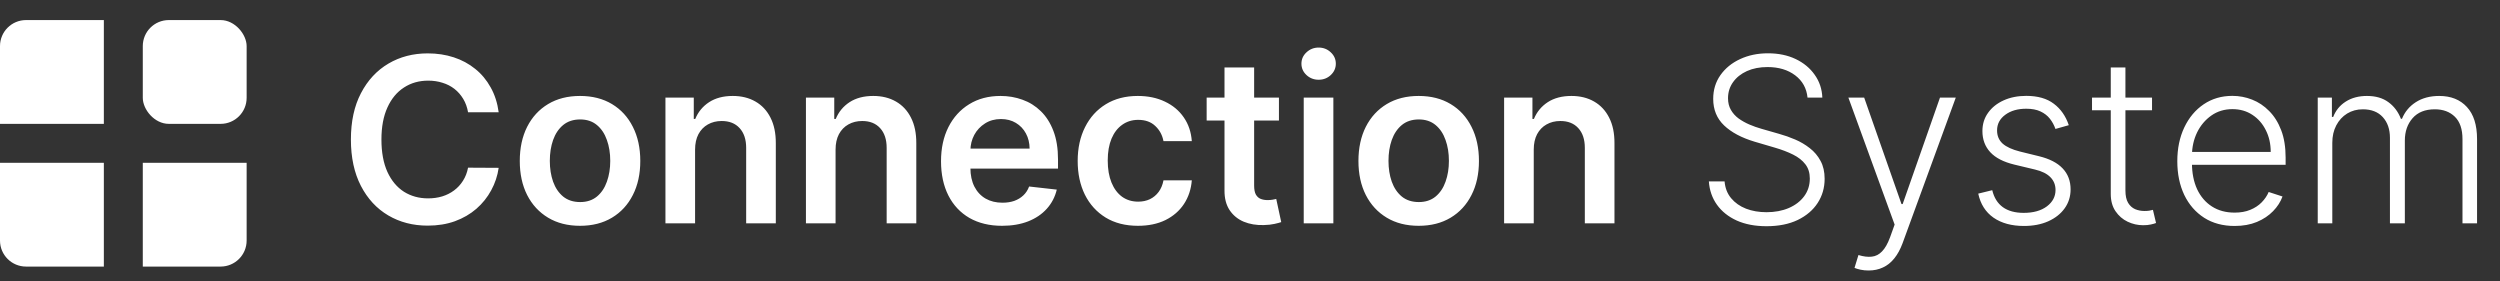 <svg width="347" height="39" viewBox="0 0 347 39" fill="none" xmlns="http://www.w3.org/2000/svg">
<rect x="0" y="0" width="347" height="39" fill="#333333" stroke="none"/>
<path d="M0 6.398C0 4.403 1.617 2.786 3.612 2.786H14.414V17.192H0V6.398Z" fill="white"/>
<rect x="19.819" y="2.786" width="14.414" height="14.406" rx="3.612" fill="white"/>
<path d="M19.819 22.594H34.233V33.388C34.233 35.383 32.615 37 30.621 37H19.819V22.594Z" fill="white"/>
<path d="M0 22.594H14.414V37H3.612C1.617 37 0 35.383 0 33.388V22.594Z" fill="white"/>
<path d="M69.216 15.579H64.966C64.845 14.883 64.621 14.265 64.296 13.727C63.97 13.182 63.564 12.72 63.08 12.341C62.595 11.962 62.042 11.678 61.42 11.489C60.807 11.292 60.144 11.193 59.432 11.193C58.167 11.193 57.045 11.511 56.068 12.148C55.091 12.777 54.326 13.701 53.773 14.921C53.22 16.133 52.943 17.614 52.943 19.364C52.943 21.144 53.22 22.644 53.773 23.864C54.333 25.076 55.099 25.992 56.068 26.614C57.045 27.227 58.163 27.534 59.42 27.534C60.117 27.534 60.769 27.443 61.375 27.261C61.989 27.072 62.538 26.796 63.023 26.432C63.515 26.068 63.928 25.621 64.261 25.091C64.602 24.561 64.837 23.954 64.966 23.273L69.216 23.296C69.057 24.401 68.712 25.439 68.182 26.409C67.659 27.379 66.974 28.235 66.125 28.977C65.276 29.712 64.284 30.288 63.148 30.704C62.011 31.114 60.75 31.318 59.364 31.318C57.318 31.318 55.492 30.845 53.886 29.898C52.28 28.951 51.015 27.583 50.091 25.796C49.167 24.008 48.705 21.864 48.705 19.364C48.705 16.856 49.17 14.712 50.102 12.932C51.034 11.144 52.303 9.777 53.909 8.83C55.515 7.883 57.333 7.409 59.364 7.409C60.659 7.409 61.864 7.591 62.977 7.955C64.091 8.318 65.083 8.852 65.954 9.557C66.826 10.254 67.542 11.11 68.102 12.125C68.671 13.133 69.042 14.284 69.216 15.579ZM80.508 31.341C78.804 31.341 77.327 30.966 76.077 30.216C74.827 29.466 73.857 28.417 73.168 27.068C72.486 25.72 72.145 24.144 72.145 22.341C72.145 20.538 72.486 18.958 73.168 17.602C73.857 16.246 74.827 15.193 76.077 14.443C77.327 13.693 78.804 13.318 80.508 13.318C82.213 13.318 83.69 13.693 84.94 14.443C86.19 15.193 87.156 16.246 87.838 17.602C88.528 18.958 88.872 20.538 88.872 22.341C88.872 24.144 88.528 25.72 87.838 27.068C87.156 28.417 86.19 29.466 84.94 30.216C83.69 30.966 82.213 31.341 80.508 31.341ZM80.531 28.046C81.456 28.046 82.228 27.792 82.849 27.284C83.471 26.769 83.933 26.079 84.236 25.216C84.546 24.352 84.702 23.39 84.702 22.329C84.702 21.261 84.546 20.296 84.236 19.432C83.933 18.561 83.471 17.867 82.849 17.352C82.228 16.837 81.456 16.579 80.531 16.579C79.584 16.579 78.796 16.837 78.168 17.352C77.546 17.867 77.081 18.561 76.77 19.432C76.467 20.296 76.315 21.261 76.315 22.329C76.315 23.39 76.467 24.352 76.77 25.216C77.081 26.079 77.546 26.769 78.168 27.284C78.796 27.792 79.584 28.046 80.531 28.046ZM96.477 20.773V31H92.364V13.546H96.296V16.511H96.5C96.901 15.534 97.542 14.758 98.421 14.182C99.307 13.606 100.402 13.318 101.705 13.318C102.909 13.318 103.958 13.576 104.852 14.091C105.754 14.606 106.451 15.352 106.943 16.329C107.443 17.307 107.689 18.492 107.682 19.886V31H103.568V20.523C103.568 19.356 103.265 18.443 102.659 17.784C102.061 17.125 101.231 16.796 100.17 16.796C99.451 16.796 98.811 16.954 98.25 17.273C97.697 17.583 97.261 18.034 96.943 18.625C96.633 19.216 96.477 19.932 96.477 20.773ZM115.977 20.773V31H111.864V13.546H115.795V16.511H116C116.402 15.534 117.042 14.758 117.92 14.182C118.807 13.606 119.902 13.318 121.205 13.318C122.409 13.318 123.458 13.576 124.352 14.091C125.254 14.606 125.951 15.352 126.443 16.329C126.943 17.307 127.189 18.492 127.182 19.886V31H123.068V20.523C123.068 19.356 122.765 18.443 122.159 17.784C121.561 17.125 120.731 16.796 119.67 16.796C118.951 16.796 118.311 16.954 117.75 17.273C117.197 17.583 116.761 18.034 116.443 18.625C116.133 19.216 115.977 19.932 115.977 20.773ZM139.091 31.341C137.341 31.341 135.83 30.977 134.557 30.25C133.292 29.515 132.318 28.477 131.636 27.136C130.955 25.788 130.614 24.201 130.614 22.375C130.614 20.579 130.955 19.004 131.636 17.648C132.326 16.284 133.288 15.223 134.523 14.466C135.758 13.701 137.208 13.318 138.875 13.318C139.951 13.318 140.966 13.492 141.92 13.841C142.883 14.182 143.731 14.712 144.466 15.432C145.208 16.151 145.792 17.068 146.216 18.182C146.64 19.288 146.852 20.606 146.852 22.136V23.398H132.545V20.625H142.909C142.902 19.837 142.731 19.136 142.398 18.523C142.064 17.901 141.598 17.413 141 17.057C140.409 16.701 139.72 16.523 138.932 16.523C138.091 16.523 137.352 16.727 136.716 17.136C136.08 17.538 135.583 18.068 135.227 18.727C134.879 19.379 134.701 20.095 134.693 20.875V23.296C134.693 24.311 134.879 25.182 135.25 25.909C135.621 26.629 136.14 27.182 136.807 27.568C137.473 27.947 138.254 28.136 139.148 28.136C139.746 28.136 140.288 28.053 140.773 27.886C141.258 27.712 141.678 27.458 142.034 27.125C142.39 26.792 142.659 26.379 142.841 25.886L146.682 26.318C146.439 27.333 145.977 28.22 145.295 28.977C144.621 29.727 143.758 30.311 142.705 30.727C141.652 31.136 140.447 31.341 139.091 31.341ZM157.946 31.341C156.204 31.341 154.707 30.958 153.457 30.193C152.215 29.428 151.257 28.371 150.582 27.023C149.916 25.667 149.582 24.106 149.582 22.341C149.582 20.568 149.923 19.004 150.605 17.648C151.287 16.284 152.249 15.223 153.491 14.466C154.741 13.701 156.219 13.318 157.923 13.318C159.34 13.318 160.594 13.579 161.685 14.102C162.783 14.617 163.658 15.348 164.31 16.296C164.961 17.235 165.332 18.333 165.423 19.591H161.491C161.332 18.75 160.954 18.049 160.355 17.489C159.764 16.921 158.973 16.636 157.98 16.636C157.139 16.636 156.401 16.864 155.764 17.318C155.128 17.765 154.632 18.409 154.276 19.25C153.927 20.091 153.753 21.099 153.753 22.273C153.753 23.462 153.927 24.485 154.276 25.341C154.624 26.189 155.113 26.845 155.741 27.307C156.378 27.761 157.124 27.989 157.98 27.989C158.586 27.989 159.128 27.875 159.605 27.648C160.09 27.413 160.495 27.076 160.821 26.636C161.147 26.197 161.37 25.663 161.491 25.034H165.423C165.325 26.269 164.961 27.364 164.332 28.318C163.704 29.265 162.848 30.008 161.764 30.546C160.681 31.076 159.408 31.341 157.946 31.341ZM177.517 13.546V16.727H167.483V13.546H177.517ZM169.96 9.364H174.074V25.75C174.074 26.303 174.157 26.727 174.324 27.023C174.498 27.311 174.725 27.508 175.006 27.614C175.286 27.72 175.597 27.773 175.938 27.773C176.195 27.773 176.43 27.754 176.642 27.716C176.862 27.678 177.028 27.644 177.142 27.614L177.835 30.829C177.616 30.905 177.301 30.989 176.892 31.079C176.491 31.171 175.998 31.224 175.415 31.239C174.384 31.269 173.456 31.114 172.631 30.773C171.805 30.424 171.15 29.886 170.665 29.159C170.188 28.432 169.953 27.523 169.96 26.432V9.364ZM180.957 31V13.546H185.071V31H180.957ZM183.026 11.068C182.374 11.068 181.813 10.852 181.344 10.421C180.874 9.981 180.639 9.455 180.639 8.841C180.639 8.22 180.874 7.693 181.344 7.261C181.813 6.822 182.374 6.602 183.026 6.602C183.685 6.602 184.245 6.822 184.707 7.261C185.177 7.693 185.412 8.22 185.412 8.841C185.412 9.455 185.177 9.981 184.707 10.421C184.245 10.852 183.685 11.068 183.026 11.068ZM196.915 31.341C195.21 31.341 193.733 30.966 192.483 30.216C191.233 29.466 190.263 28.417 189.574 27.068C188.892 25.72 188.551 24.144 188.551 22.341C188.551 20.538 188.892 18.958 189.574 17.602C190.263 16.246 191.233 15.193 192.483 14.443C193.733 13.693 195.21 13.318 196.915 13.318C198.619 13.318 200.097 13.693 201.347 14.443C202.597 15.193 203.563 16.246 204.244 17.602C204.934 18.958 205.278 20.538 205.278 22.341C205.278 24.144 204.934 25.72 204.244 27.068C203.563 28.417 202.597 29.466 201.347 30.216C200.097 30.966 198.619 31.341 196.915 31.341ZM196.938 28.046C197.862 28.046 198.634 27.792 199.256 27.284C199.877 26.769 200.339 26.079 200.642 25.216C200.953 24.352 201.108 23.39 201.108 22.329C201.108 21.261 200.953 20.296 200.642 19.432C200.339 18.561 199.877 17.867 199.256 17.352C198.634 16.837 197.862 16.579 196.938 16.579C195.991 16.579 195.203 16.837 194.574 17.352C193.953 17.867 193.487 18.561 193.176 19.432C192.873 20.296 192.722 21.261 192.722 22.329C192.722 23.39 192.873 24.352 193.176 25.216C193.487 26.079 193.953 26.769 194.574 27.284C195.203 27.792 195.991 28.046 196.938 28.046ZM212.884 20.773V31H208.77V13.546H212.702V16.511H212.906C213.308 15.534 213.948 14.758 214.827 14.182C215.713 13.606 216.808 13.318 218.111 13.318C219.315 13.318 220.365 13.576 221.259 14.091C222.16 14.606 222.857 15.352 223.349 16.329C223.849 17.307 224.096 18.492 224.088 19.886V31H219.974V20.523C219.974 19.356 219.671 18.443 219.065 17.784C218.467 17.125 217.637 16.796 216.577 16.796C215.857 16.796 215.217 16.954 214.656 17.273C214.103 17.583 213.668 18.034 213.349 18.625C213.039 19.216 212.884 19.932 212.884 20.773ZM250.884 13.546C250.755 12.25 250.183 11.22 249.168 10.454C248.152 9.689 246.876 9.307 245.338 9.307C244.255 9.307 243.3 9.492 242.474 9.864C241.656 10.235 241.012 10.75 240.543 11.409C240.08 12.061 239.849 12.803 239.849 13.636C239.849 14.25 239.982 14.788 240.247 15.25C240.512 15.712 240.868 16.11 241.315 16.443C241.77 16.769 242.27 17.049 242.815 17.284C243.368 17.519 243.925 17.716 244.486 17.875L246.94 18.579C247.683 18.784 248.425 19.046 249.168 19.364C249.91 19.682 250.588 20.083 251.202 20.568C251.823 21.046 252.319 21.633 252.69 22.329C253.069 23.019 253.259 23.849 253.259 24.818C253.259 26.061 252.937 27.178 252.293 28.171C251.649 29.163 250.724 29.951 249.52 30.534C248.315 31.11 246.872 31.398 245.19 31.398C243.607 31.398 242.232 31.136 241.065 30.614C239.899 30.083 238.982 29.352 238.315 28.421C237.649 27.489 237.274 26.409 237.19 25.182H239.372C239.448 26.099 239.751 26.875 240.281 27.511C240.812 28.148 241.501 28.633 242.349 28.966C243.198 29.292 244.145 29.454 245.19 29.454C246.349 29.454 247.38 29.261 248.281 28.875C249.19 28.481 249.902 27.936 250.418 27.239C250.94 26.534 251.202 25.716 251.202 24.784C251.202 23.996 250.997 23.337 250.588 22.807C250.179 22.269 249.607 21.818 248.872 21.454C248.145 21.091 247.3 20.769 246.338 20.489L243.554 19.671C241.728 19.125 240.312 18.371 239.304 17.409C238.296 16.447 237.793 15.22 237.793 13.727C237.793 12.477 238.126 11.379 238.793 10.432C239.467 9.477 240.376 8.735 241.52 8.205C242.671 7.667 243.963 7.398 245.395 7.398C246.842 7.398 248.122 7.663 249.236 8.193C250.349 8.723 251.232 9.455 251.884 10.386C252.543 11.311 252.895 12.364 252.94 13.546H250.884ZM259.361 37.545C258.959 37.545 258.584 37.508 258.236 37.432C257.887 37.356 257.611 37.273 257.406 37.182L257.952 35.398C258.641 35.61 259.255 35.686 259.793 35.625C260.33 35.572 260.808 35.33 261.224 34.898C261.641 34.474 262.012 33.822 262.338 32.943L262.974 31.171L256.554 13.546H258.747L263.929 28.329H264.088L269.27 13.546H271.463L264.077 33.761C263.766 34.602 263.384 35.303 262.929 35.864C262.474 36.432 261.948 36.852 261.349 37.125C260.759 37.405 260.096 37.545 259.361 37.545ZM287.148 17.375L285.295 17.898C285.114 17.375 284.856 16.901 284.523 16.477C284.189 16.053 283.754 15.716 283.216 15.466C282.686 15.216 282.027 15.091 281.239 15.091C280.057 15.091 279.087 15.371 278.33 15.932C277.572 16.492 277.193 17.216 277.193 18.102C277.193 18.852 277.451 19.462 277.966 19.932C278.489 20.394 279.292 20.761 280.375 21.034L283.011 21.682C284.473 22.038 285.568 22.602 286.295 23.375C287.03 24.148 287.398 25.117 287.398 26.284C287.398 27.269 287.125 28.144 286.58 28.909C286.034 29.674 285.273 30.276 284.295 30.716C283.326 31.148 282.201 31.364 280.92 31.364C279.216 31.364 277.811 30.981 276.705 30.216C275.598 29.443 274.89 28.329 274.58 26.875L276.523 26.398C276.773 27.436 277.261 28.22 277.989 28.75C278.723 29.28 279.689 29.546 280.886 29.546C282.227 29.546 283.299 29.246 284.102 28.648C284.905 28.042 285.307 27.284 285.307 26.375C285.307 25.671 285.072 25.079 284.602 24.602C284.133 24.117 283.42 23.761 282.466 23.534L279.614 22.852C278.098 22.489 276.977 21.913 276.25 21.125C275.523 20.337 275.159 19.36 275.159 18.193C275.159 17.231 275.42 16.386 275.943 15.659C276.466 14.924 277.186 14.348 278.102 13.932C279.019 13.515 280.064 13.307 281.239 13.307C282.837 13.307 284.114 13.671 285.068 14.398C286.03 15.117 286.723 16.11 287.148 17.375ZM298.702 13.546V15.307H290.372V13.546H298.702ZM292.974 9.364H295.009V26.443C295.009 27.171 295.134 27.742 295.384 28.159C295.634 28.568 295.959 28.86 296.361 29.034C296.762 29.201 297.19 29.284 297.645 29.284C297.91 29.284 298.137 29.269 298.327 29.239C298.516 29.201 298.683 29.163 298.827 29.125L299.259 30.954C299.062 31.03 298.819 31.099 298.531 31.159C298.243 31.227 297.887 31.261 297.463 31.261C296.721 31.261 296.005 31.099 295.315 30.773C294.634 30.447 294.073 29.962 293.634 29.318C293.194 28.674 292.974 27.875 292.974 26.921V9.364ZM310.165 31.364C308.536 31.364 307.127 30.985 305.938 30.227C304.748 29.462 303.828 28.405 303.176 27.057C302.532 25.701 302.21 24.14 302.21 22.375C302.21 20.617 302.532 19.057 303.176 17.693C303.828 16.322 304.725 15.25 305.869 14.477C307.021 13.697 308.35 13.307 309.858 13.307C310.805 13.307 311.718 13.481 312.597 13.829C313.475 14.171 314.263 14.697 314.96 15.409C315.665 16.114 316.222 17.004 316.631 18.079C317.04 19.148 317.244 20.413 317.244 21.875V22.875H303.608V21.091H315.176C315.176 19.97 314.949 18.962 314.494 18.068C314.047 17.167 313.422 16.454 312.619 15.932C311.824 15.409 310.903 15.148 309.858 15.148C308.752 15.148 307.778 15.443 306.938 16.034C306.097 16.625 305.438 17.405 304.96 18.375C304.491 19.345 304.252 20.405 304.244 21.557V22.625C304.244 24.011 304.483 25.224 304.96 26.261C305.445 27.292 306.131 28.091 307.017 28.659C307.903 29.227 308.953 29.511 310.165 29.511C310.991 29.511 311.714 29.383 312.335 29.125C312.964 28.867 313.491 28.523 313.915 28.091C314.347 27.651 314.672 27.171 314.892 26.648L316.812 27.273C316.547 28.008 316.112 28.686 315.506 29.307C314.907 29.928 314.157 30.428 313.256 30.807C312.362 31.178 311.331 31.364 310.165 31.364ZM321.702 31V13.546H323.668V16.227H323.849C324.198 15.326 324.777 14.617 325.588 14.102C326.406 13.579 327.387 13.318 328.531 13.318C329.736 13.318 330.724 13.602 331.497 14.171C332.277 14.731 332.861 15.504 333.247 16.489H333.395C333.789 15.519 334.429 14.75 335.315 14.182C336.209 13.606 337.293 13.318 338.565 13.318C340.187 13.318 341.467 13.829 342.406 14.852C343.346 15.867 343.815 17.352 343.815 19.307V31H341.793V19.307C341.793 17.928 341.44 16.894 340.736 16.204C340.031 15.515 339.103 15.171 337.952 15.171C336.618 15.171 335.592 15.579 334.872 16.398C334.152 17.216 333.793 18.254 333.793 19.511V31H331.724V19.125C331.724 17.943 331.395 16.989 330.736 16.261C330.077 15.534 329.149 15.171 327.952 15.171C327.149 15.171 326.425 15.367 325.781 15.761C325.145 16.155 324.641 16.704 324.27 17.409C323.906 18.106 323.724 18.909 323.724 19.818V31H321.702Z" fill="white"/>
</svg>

= = =

| WORK INSTRUCTIONS |
Print again the lines of the entries above that fall between the line holding "22.594H34.233V33.388C34.233 35.383 32.615" and the line holding "22.594H14.414V37H3.612C1.617 37 0", inclusive, exactly as they stand.

| THE COMPLETED TASK |
<path d="M19.819 22.594H34.233V33.388C34.233 35.383 32.615 37 30.621 37H19.819V22.594Z" fill="white"/>
<path d="M0 22.594H14.414V37H3.612C1.617 37 0 35.383 0 33.388V22.594Z" fill="white"/>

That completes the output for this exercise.